Task directions:
Copy out all of the data exactly as it appears.

== Records to use ==

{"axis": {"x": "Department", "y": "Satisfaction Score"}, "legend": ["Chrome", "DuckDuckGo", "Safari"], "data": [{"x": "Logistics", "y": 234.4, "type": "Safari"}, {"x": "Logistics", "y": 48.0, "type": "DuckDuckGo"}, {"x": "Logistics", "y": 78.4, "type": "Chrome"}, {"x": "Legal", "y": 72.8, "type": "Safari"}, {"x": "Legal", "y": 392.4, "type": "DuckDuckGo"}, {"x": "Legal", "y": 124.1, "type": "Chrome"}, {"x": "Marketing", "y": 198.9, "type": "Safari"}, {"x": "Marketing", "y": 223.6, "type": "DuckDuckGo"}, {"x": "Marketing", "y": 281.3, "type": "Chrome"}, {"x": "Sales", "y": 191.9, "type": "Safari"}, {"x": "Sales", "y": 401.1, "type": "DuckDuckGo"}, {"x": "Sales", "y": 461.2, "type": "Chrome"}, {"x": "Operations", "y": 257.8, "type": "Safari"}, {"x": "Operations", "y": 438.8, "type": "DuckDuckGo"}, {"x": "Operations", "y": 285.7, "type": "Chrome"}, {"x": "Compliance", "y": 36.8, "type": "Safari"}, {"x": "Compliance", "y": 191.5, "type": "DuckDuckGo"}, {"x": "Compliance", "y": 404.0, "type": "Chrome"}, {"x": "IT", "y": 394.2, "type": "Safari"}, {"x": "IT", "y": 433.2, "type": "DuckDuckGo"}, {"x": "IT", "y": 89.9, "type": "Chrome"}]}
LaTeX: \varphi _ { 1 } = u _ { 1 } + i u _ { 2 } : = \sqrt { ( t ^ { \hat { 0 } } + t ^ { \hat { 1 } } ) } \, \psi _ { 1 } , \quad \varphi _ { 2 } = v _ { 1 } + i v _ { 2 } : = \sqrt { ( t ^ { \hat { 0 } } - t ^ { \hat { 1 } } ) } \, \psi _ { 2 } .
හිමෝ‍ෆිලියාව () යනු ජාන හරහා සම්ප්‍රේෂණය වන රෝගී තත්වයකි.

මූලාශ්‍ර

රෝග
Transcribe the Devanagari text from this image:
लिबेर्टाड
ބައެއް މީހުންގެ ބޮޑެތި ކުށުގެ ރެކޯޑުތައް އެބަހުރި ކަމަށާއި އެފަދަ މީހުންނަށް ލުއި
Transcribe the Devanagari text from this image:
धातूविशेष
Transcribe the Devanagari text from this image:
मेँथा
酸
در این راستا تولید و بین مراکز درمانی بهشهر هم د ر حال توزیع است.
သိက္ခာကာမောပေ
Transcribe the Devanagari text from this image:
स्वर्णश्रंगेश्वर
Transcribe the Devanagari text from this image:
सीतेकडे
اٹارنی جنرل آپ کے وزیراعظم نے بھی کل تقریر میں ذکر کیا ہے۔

===

Exercise output:
{"axis": {"x": "Department", "y": "Satisfaction Score"}, "legend": ["Chrome", "DuckDuckGo", "Safari"], "data": [{"x": "Logistics", "y": 234.4, "type": "Safari"}, {"x": "Logistics", "y": 48.0, "type": "DuckDuckGo"}, {"x": "Logistics", "y": 78.4, "type": "Chrome"}, {"x": "Legal", "y": 72.8, "type": "Safari"}, {"x": "Legal", "y": 392.4, "type": "DuckDuckGo"}, {"x": "Legal", "y": 124.1, "type": "Chrome"}, {"x": "Marketing", "y": 198.9, "type": "Safari"}, {"x": "Marketing", "y": 223.6, "type": "DuckDuckGo"}, {"x": "Marketing", "y": 281.3, "type": "Chrome"}, {"x": "Sales", "y": 191.9, "type": "Safari"}, {"x": "Sales", "y": 401.1, "type": "DuckDuckGo"}, {"x": "Sales", "y": 461.2, "type": "Chrome"}, {"x": "Operations", "y": 257.8, "type": "Safari"}, {"x": "Operations", "y": 438.8, "type": "DuckDuckGo"}, {"x": "Operations", "y": 285.7, "type": "Chrome"}, {"x": "Compliance", "y": 36.8, "type": "Safari"}, {"x": "Compliance", "y": 191.5, "type": "DuckDuckGo"}, {"x": "Compliance", "y": 404.0, "type": "Chrome"}, {"x": "IT", "y": 394.2, "type": "Safari"}, {"x": "IT", "y": 433.2, "type": "DuckDuckGo"}, {"x": "IT", "y": 89.9, "type": "Chrome"}]}
LaTeX: \varphi _ { 1 } = u _ { 1 } + i u _ { 2 } : = \sqrt { ( t ^ { \hat { 0 } } + t ^ { \hat { 1 } } ) } \, \psi _ { 1 } , \quad \varphi _ { 2 } = v _ { 1 } + i v _ { 2 } : = \sqrt { ( t ^ { \hat { 0 } } - t ^ { \hat { 1 } } ) } \, \psi _ { 2 } .
හිමෝ‍ෆිලියාව () යනු ජාන හරහා සම්ප්‍රේෂණය වන රෝගී තත්වයකි.

මූලාශ්‍ර

රෝග
Transcribe the Devanagari text from this image:
लिबेर्टाड
ބައެއް މީހުންގެ ބޮޑެތި ކުށުގެ ރެކޯޑުތައް އެބަހުރި ކަމަށާއި އެފަދަ މީހުންނަށް ލުއި
Transcribe the Devanagari text from this image:
धातूविशेष
Transcribe the Devanagari text from this image:
मेँथा
酸
در این راستا تولید و بین مراکز درمانی بهشهر هم د ر حال توزیع است.
သိက္ခာကာမောပေ
Transcribe the Devanagari text from this image:
स्वर्णश्रंगेश्वर
Transcribe the Devanagari text from this image:
सीतेकडे
اٹارنی جنرل آپ کے وزیراعظم نے بھی کل تقریر میں ذکر کیا ہے۔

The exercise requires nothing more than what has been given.